Google’ın podcast’inin tamamını aşağıdan dinleyin:

Neden Önemsiyoruz?

“İçerik bozulması” kavramı, tüm web sitesi sahiplerinin karşılaştığı bir zorluğa, yani içeriğin yaşlandıkça nasıl yönetileceği ve sürdürüleceğine yöneliktir.

Güncel olmayan web sitesi içeriğiyle uğraşmak, olumlu bir kullanıcı deneyimi oluşturmak ve marka güveni oluşturmak için çok önemlidir.

Bu Size Nasıl Yardımcı Olabilir?

Bu podcast bölümü, Google’ın yaklaşımlarını inceleyerek aşağıdaki çıkarımları sunuyor:

  • Tarihsel doğruluk açısından eski içeriği korumanın değeri vardır.
  • Eski tavsiyeleri veya kullanımdan kaldırılmış özellikleri belirtmek için eski sayfaları güncellemeyi düşünün.
  • Eskiyen içeriğin rutin olarak değerlendirilmesi için bir denetim süreci oluşturun.

SSS

SEO bağlamında “içerik bozulması” ne anlama geliyor?

Çevrimiçi içerik zamanla güncelliğini yitirme veya alakasız hale gelme eğilimindedir. Bu, sektördeki değişiklikler, kullanıcı ilgilerindeki değişiklikler veya yalnızca zamanın geçmesi nedeniyle gerçekleşebilir.
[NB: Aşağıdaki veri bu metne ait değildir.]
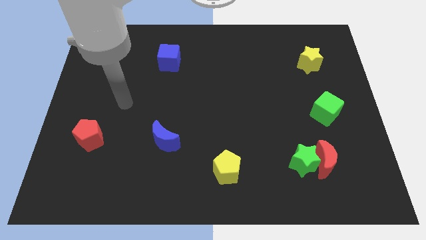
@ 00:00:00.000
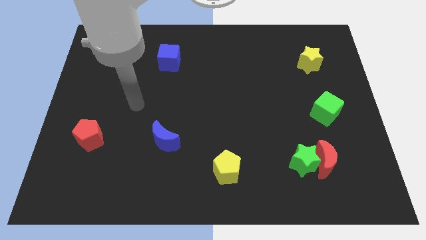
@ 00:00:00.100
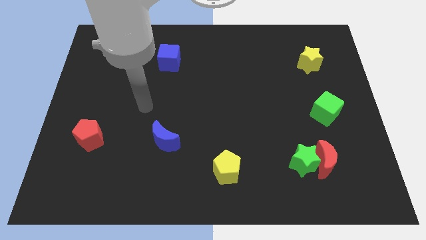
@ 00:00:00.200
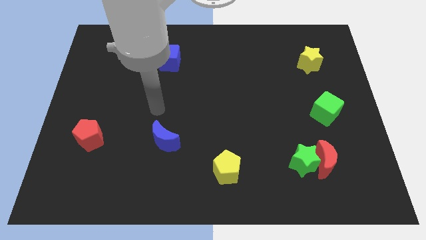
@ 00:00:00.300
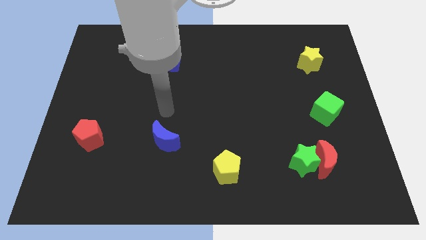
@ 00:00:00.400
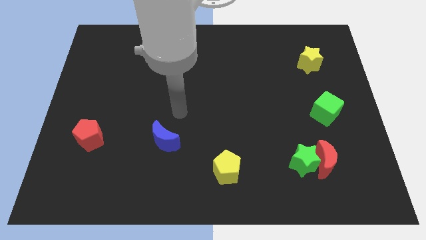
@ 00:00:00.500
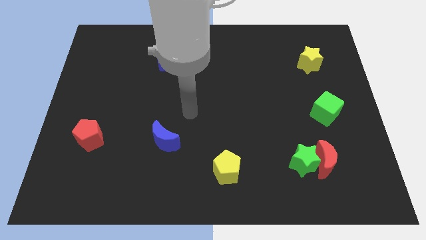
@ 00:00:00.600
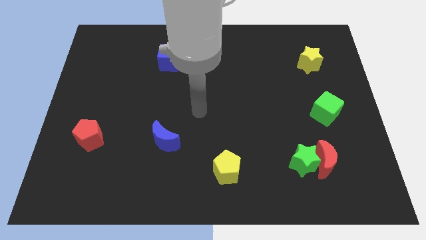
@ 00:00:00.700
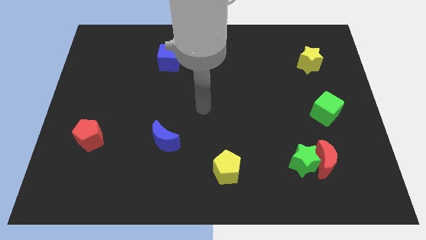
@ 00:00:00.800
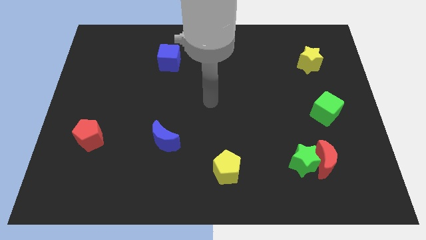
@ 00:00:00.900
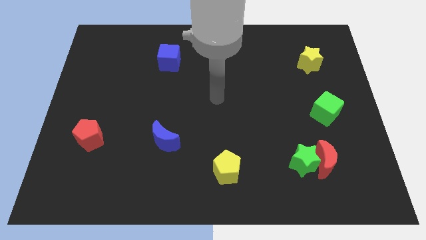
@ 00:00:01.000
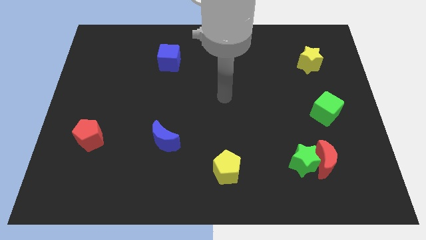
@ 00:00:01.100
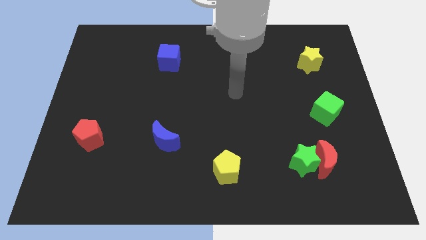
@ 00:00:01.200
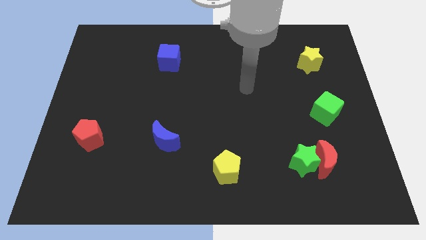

SEO bağlamında güncel olmayan içerik, bilgilerin kullanıcılar için ne kadar yararlı ve doğru olduğunu etkiler ve bu da web sitesi trafiğini ve arama sıralamalarını olumsuz yönde etkileyebilir.

Bir web sitesinin arama sonuçlarındaki güvenilirliğini ve performansını korumak için SEO uzmanlarının güncelliğini yitirmiş içeriği belirlemesi, güncellemesi veya yeniden kullanması gerekir.

Güncelliğini yitirmiş içeriğin tümü bir web sitesinden kaldırılmalı mı?

Tüm eski içeriğin silinmesi gerekmez. Ne tür bir içerik olduğuna ve neden oluşturulduğuna bağlıdır. Geçmiş olayları, ürün değişikliklerini gösteren veya güncelliğini yitirmiş terimler kullanan içerikler, tarihsel doğruluk açısından saklanabilir.

Eski içerik bağlam sağlar ve bir markanın veya sektörün zaman içinde nasıl geliştiğini gösterir. Eski içeriği kaldırmadan, güncellemeden veya saklamadan önce değeri dikkate almak önemlidir.

Kullanıcıların güncel olmayan içerikle ilgili kafa karışıklığını önlemek için en iyi uygulamalar nelerdir?

Web sitesi sahipleri ve SEO uzmanları, kullanıcıların güncel olmayan içerikle kafasını karıştırmamak için aşağıdaki adımları atmalıdır:

  • İçeriğin ne zaman yayınlandığını gösterin veya bilgilerin oluşturulduğundan bu yana değişip değişmediğini not edin.
  • Neden artık alakalı olmayabileceklerini açıklamak için güncelliğini yitirmiş referansların etrafına açıklamalar ekleyin.
  • İçeriğin taşınması veya güncellenmesi durumunda kullanıcıları en güncel bilgilere yönlendirmek için yönlendirmeler ayarlayın.

Bu stratejiler, insanların bir sayfanın alaka düzeyini anlamalarına ve ihtiyaçlarına yönelik en doğru bilgileri almalarına yardımcı olur.